Only when you stop liking and disliking
Will all be clearly understood.
A split hair’s difference,
And Heaven and Earth are set apart!
If you want to get the plain truth,
Be not concerned with right and wrong.
The conflict between right and wrong
Is the sickness of the mind.
The Way of Zen by Alan Watts.
Zen Buddhism ..... is not religion or philosophy; it is not a psychology or a type of science. It is an example of what is known in India and China as a 'way of liberation'.
That appealed to me immensely. At the age of 18 I couldn't understand what the point was of so much dogma in all of the fields he listed. All it led to was competition between them. And I still don't understand it though of course I recognise it in myself at times and in other situations that I am involved in through my work.
No, We're right!
No, you're both wrong, we're right!
Why couldn't they see that in their own way, from a particular perspective they were all right? But unfortunately they were wrong in their assertion of being the only ones who were right.
In so many disputes we see clearly why both parties would consider themselves 'right', and we can understand their perspective when we are not caught up in it.
But for each to understand and accept that the other is also right - in terms of how they see it - is a major obstacle when their focus and determination is on winning.
And we see, from disputes about the position of a garden fence, to disputes about an international boundary the destructiveness of pursuing that goal.
I guess this is one of the reasons I love Byron Katie's approach to any difficulty through what she calls 'The Work'. She asks that we question the impact of having a thought or belief that we are sure is 'right'. She doesn't tell us it is 'wrong' and that we should believe otherwise.
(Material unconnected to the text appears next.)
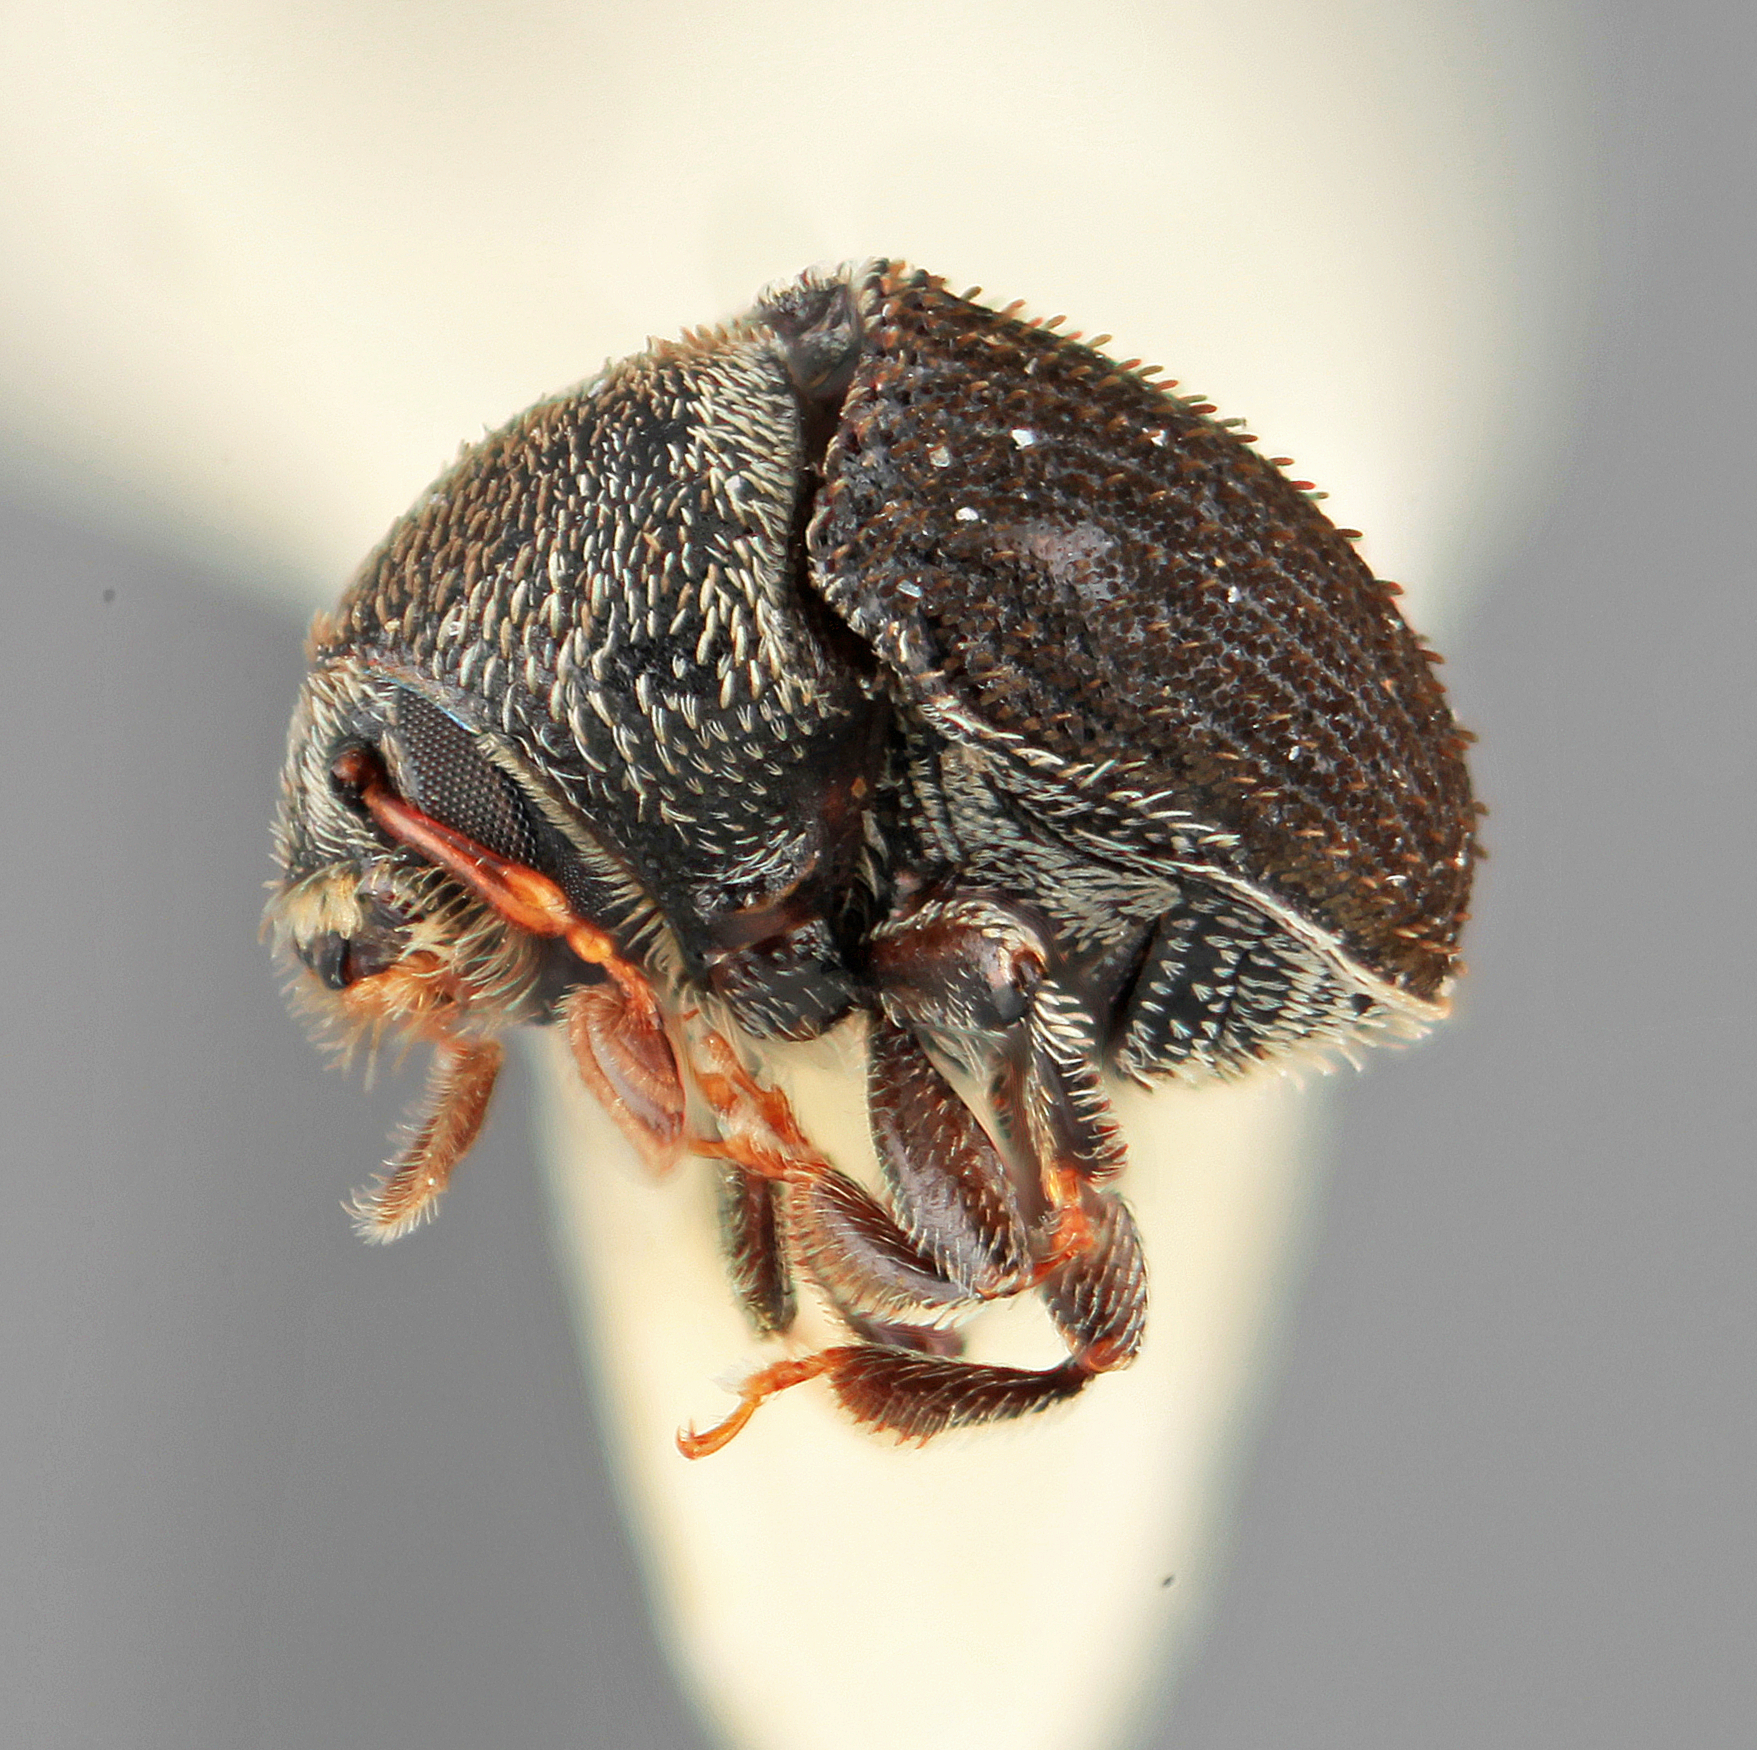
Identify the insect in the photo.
Pseudochromesus jaliscoensis
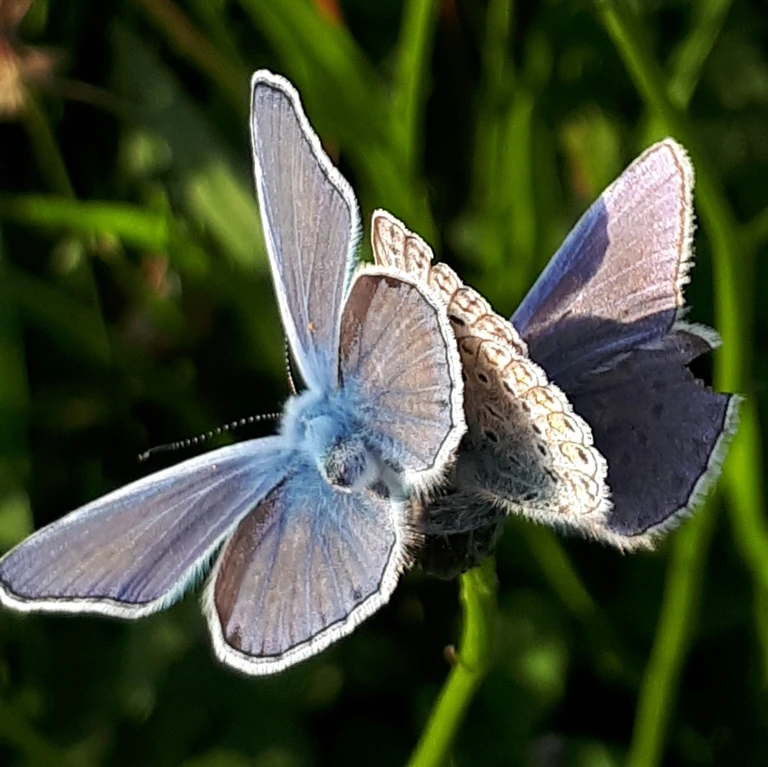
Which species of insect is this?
Polyommatus icarus

She just asks us to look at the consequences for us of holding on to that belief, and then to consider what our life would be like if we didn't.
1. Is it true?
2. Can you absolutely know that it's true?
3. How do you react, what happens, when you believe that thought?
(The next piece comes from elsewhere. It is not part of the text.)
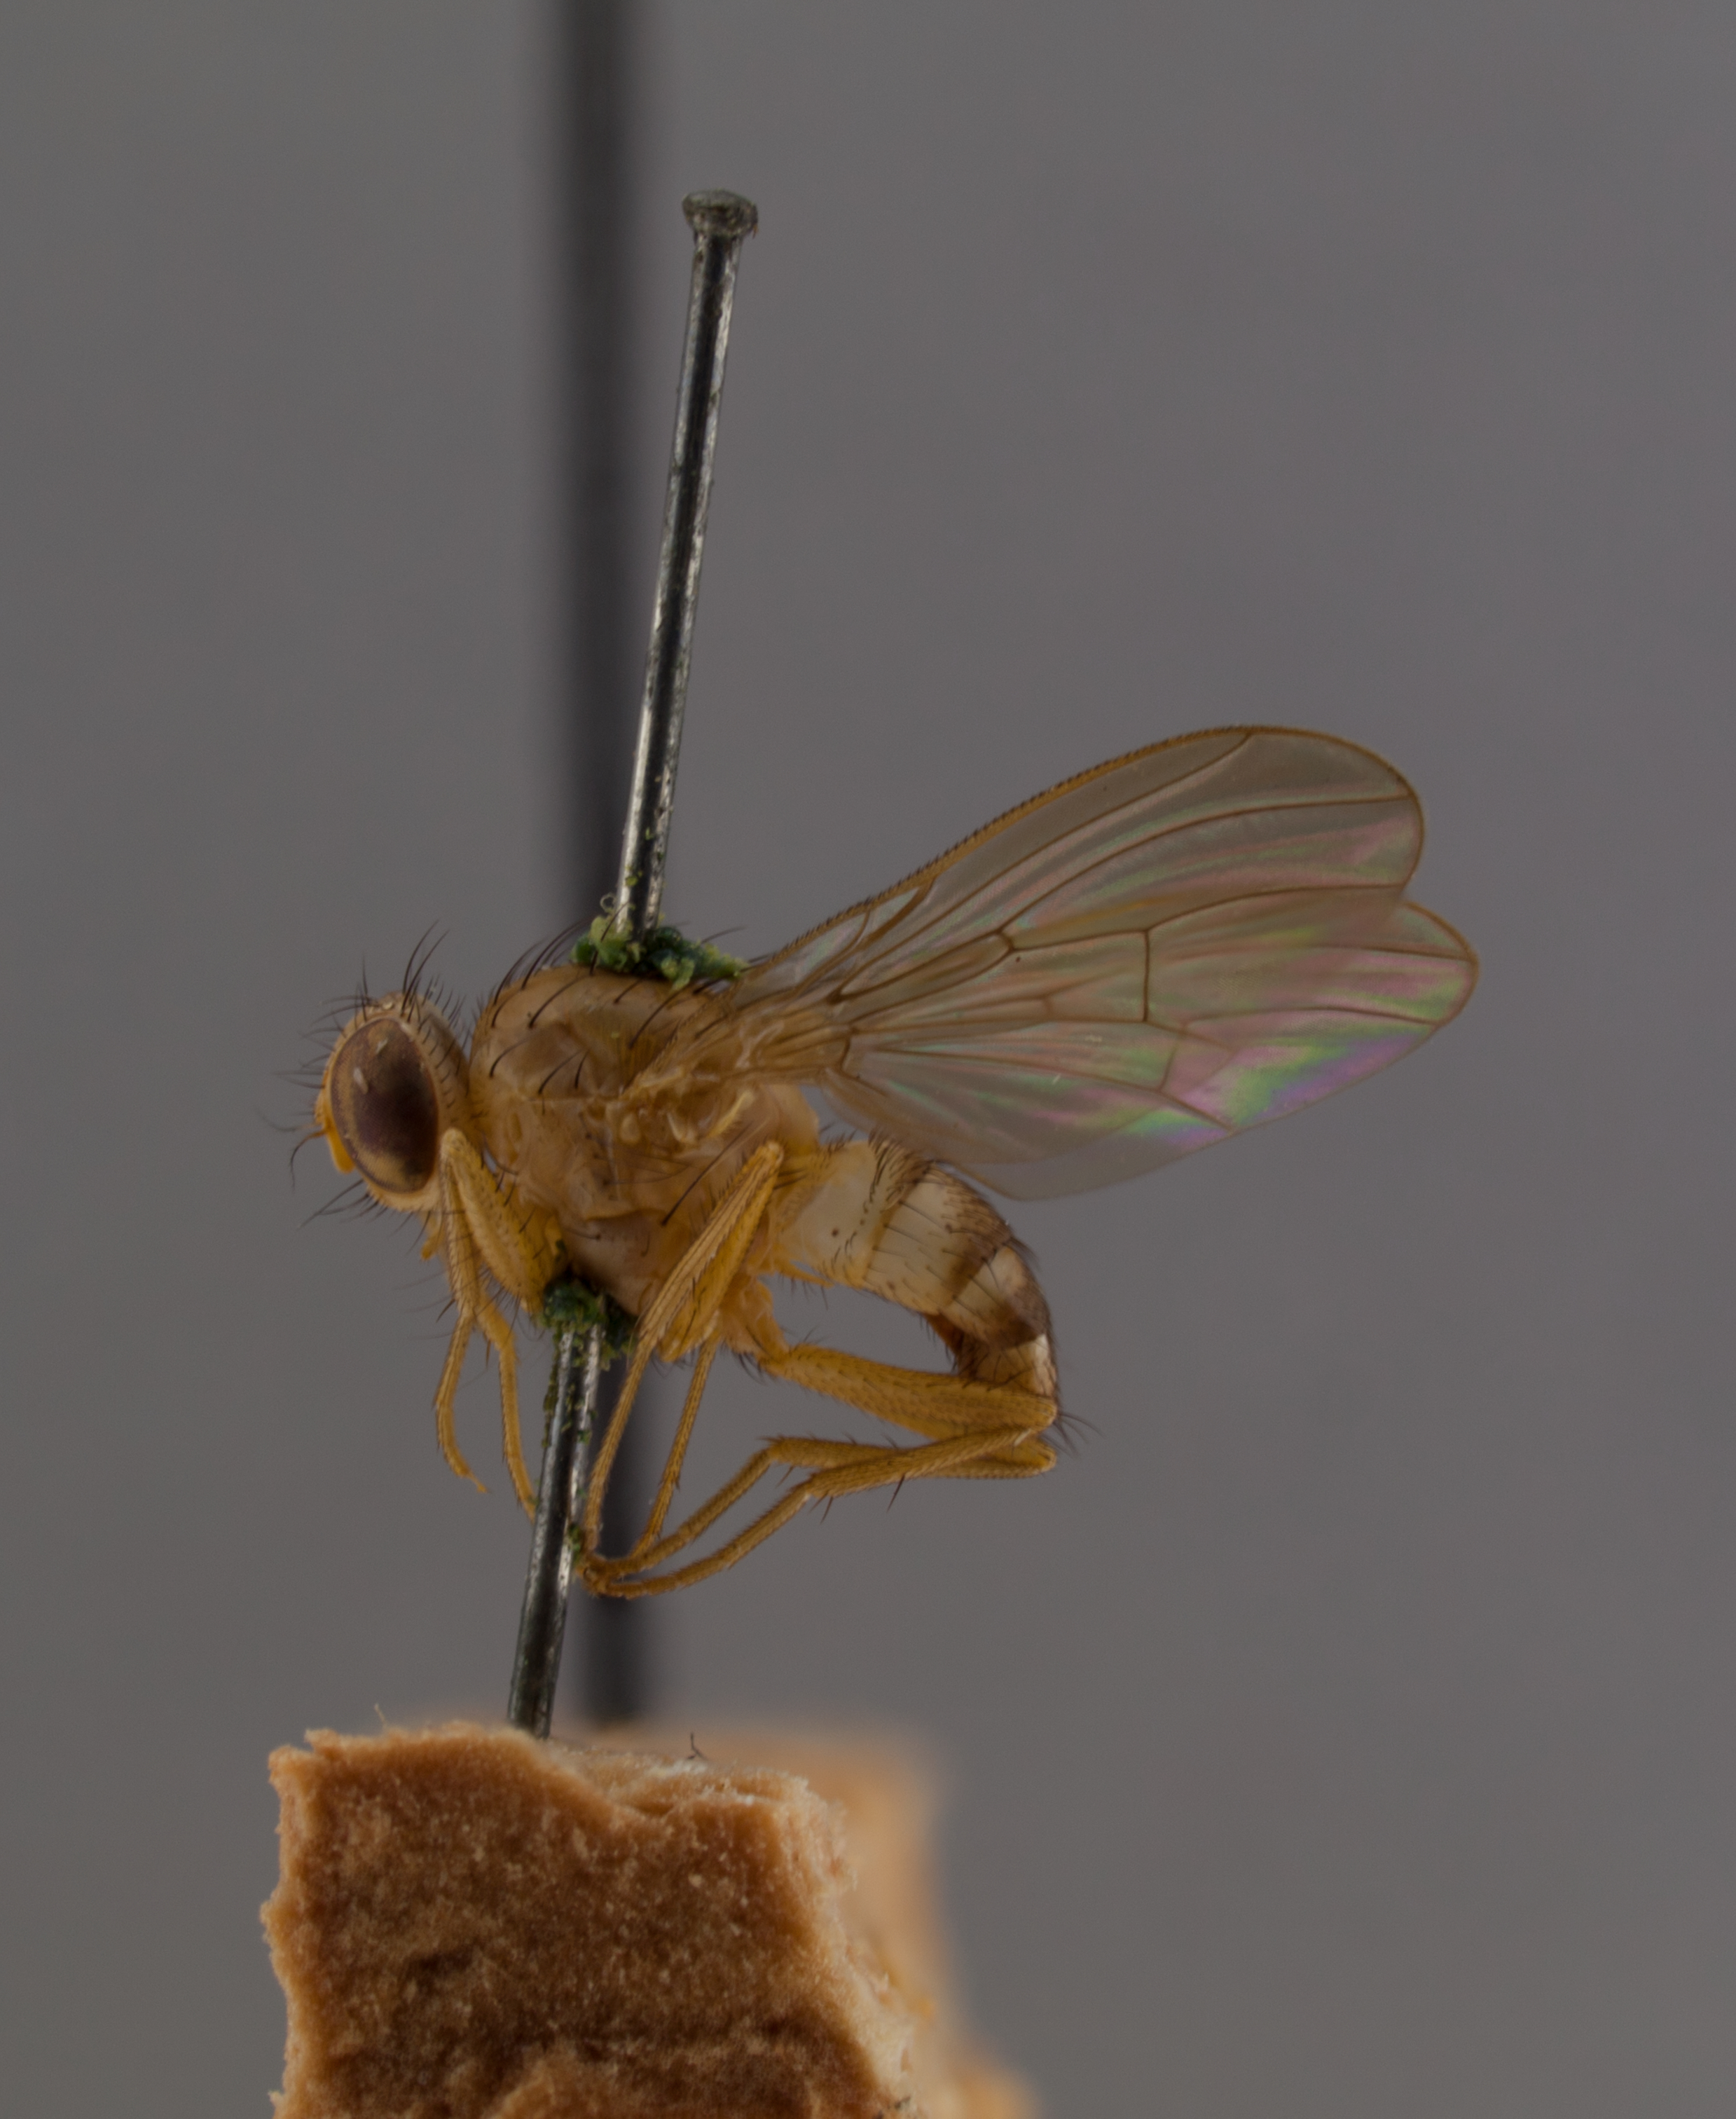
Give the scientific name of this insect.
Idiohelina setifemur

4. Who would you be without the thought?
Then turn it around (the concept you are questioning), and don't forget to find three genuine examples of each turnaround.
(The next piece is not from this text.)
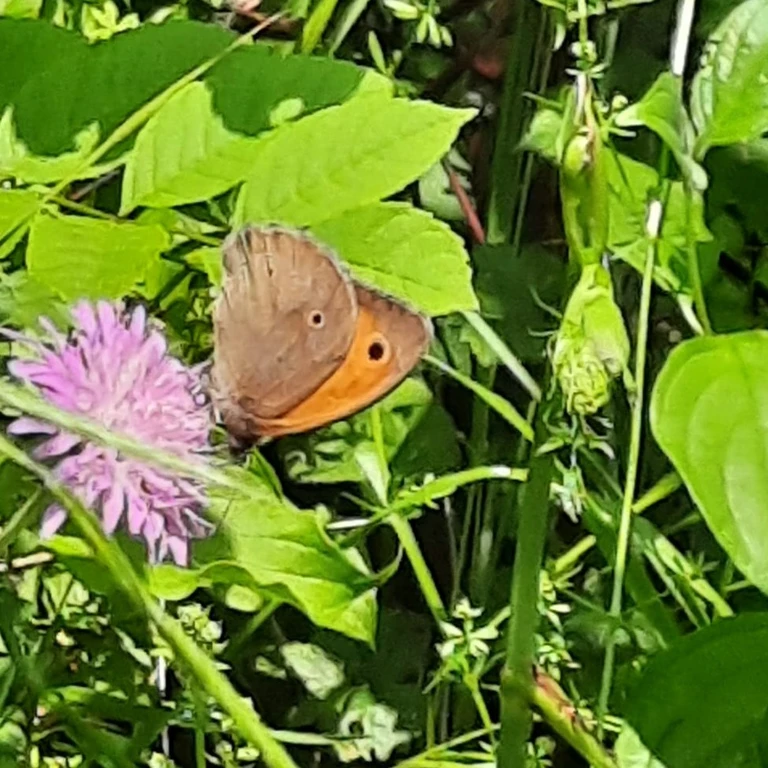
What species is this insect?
Maniola jurtina
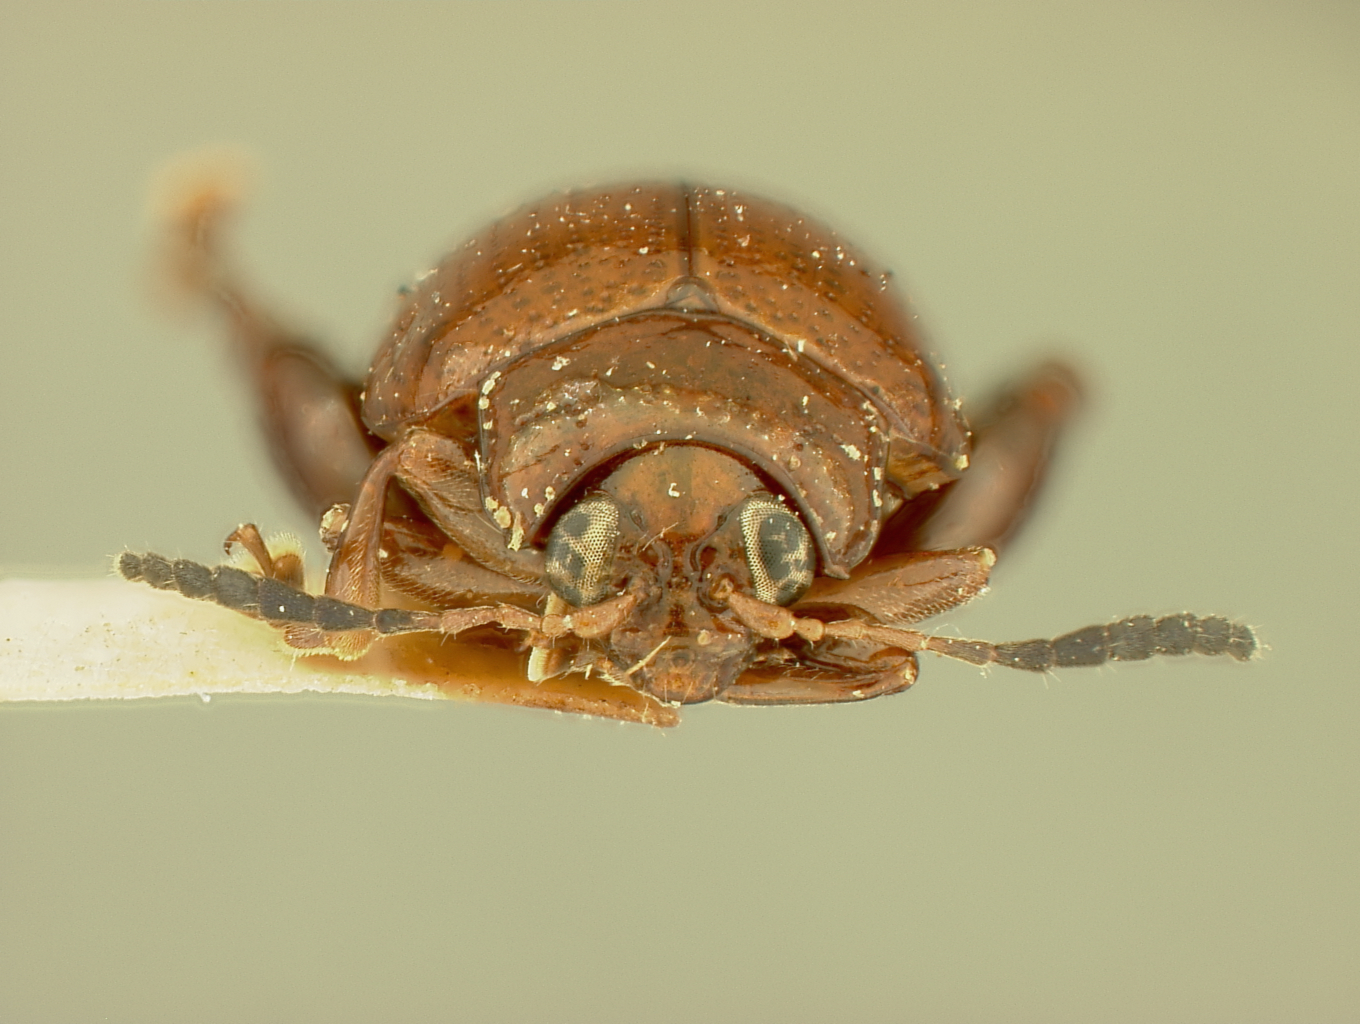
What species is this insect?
Parophrida violaceicornis

The Work helps us to make a choice about whether we would rather be right than be happy, but it does it through helping us to come to an understanding of the consequences for ourselves of believing we are right.
Our dispute with another does not have to come into it. We don't have to make the other wrong, and insist that they 'change', in order for us to be happy.
As Katie often says: 'Cut out the middle man, be happy'.
Ideas and Information
Connect with Alan on LinkedIn
or his Twitter page @alan_sharland
Follow @CAOS_Mediation on Twitter:
Connect with Alan on Google+
Some links that you may find interesting......Mediate.com is an excellent resource of information relating to mediation. There are articles, links to websites and blogs as well as the possibility of locating mediators in your area.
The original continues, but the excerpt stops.